EXERCISE AIM: What is needed is the number of lines in the data below that include "shows", stated by itself.

DATA FOR ANALYSIS:
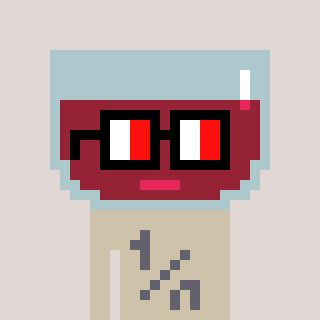
a pixel art character with square glasses with black frames and red eyes, a wine-shaped head and a bege-colored body on a warm background
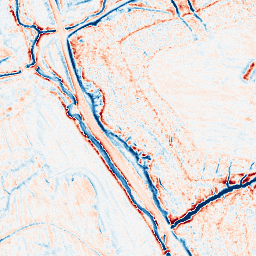
Category: edge_preserving
Decomposition family: anisotropic_diffusion
Decomposition parameters: iterations: 50
kappa: 100
gamma: 0.05
Upsampling method: bicubic
Upsampling parameters: scale: 8
Upsampling scale: 8
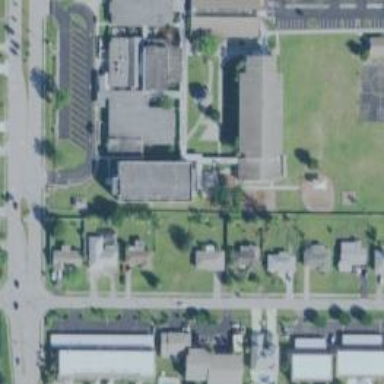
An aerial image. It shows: School.
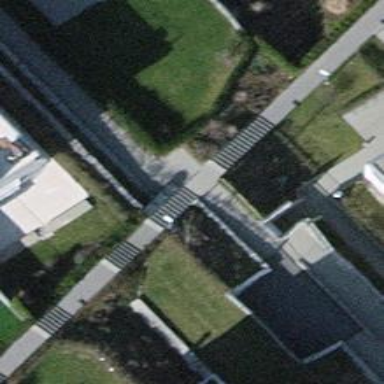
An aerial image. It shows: Set of steps on the road.
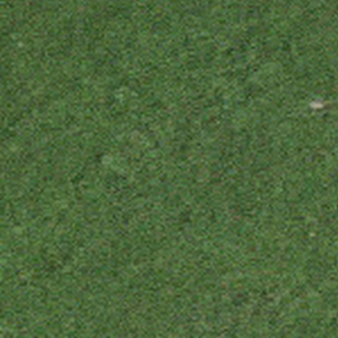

SOLUTION TO THIS TASK: 2